Axelle pulled me to lean against the wall and put her mouth to my ear. ‘He lives with his mother,’ she whispered. ‘He’s been obsessed with insects since he was a boy. He used to collect spiders from under his bed and would keep them in clay jars, feeding them house flies and ants. But they always died.’ She looked at me, her shoulders shaking with silent laughter. ‘He’s been in love once but she wouldn’t marry him. Too many dead moths and crickets in jars.’
I played along. ‘His father wanted him to train to do something clerical. Something sensible with money, with numbers.’
‘His father ran off with another woman. Mademoiselle Scarabée.’ Axelle snorted, slapped her hand over her mouth.
The poor man looked at us, one eyebrow arched, his left eye swimming behind glass.

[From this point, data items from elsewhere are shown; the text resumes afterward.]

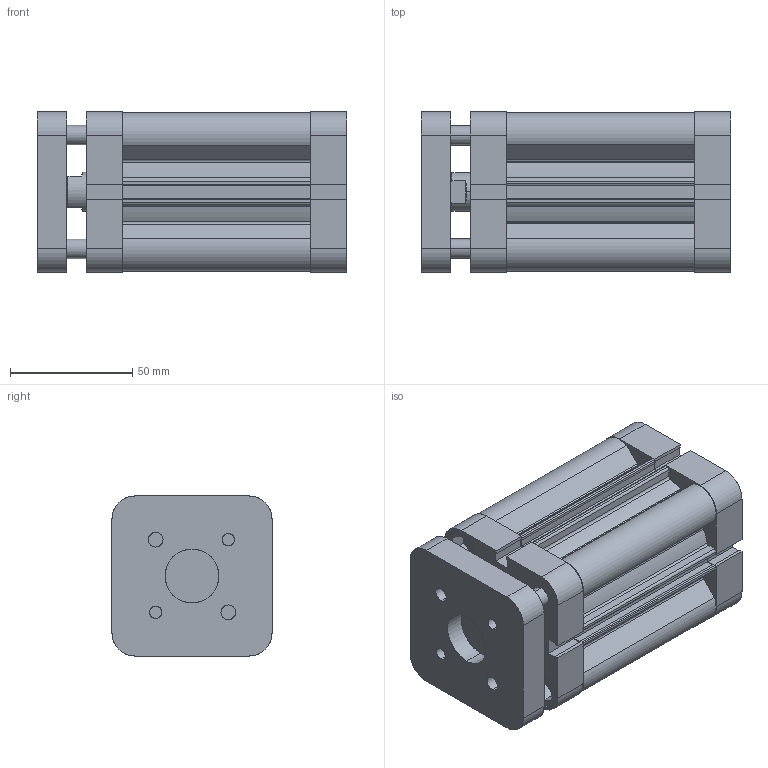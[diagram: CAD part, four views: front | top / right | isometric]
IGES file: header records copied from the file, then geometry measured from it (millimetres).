
Start section: SolidWorks IGES file using analytic representation for surfaces
Global section: file name: KCY-50-60-CYLINDER.IGS; native system: SolidWorks 2010; preprocessor: SolidWorks 2010; author: Yeni; date: 130724.173712; units: millimetre
Bounding box: 126.5 x 65.5 x 65.5 mm (x, y, z)
Surface area: 110604.3 mm2 (no closed solid volume)
Topology: 0 solids, 0 shells, 327 faces, 4908 edges, 4906 vertices
Faces by surface type: bspline 173, revolution 154
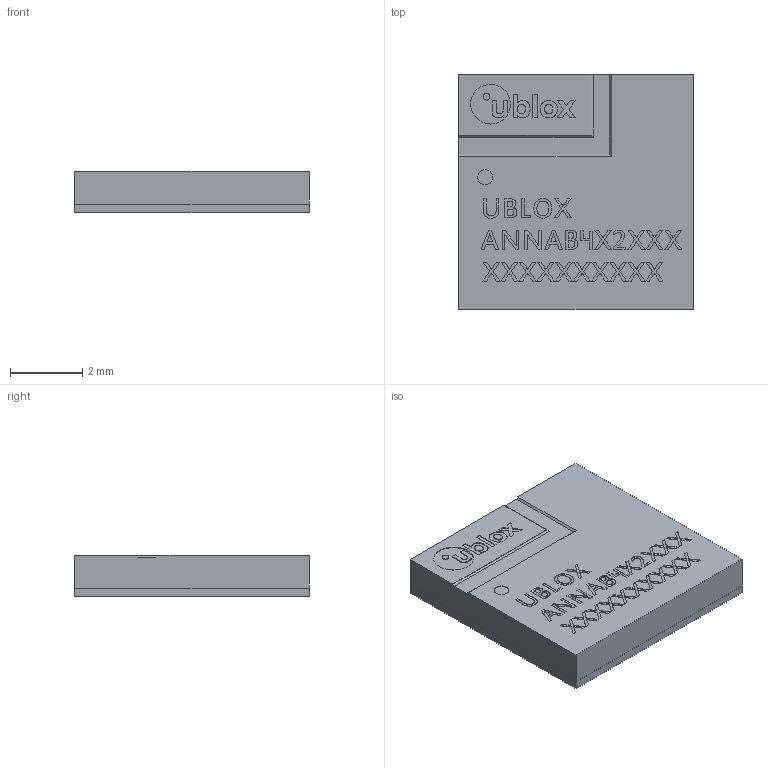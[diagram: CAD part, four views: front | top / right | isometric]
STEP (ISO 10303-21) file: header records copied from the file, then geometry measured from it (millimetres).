
FILE_DESCRIPTION(('STEP AP214'),'1');
FILE_NAME('u-blox_ANNA-B4-LGA56.step','2022-01-21T09:12:28',(' '),(' '),'Spatial InterOp 3D',' ',' ');
FILE_SCHEMA(('automotive_design'));
Length unit declared in the file: metre
Products named in the file (57): u-blox_ANNA-B4-LGA56; Substrate; Mouldering; Pads
Assembly tree (60 placements, depth 3):
  u-blox_ANNA-B4-LGA56
    Substrate
    Mouldering
    Pads
      Pads
      Pads
      Pads
      Pads
      Pads
      Pads
      Pads
      Pads
      Pads
      Pads
      Pads
      Pads
      Pads
      Pads  x3
      Pads
      Pads
      Pads
      Pads
      Pads
      Pads
      Pads
      Pads
      Pads
      Pads  x2
      Pads
      Pads
      Pads  x2
      Pads
      Pads
      Pads
      Pads
      Pads
      Pads
      Pads
      Pads
      Pads
      Pads
      Pads
      Pads
      Pads
      Pads
      Pads
      Pads
      Pads
      Pads
      Pads
      Pads
      Pads
      Pads
      Pads
      Pads
      Pads
      Pads
Bounding box: 6.5 x 6.5 x 1.15 mm (x, y, z)
Volume: 48 mm3; surface area: 214.9 mm2
Topology: 59 solids, 59 shells, 1169 faces, 3021 edges, 2013 vertices
Faces by surface type: plane 727, bspline 439, cylinder 3
Full cylindrical faces by diameter (mm): 0.414 x1
Entity records: 47276 total; most frequent: CARTESIAN_POINT 11867, ORIENTED_EDGE 5944, DIRECTION 3636, EDGE_CURVE 2972, LINE 2088, VECTOR 2088, VERTEX_POINT 1981, EDGE_LOOP 1189

We left Deyrolle’s feeling very wicked, and as I still had some time before Madame expected me home, and as the weather was lovely and mild, we decided to walk along the river. I didn’t want to say goodbye yet, nor, I thought, did she. Crossing under the Pont Alexandre III, we stopped to watch a group of titis scampering over the iron girders like a pack of squirrels in the trees. Under the young boys’ feet, the Seine flowed, and the September light that shone through the iron struts and arches penetrated the water, and the water was green and inviting.
One boy, who
couldn’t have been older than five or six, leapt athletically from one girder to the next, using the strength in his legs to maintain his balance and stop himself from tumbling into the river. Barefoot, he scrambled to the top of a pillar, using the large rivets as grips, and, hidden in shadows in the upper arches of the bridge, piped to his friends, ‘Regardez-moi!’ His voice echoed and the other boys, swinging and hanging upside down from their knees, hollered their appreciation, encouraged him to go higher. A deeper voice, likely an older brother, told him he was an ass.
I imagined dropping my skirts and my hat and shawl, right there on the path. Unlacing my tight boots and tossing them into the water and climbing into the guts of that great bridge, just like those boys, and hanging upside down until my temples throbbed.
‘Street rats,’ Axelle said, and pulled me by my hand.
‘It looks fun,’ I said, allowing her to drag me, watching the boys from over my shoulder. Though I hadn’t so much as undone a single button, I was out of breath.
‘You’re a strange one,’ Axelle said. We were out in the sun again, standing under the chestnut trees that formed a neat line all the way to the centre of the city. Axelle pressed her thumb into the palm of my hand while a woman passed close by, pushing a grizzling infant in a pram. My heart thumped regardezmoiregardezmoi.
‘Nothing about you seems to fit,’ Axelle said and held my arms out, examining me like a seamstress would. ‘You are a collection of surprises.’
‘I’m not sure if that’s a good or bad thing.’
‘Nor am I,’ she said, and smiled.
17
Nora
Ottawa River, 1987
Nora dreamt she was falling and woke from this dream a little after dawn with the half-formed notion that the sensation of falling in sleep was actually the memory of being born. Or of dying. That total loss of control, that endless inhalation without the response of the exhale. She turned to face the window and through the gap in the curtains could see the first snow coming down, a universe of minuscule cogs, free-falling.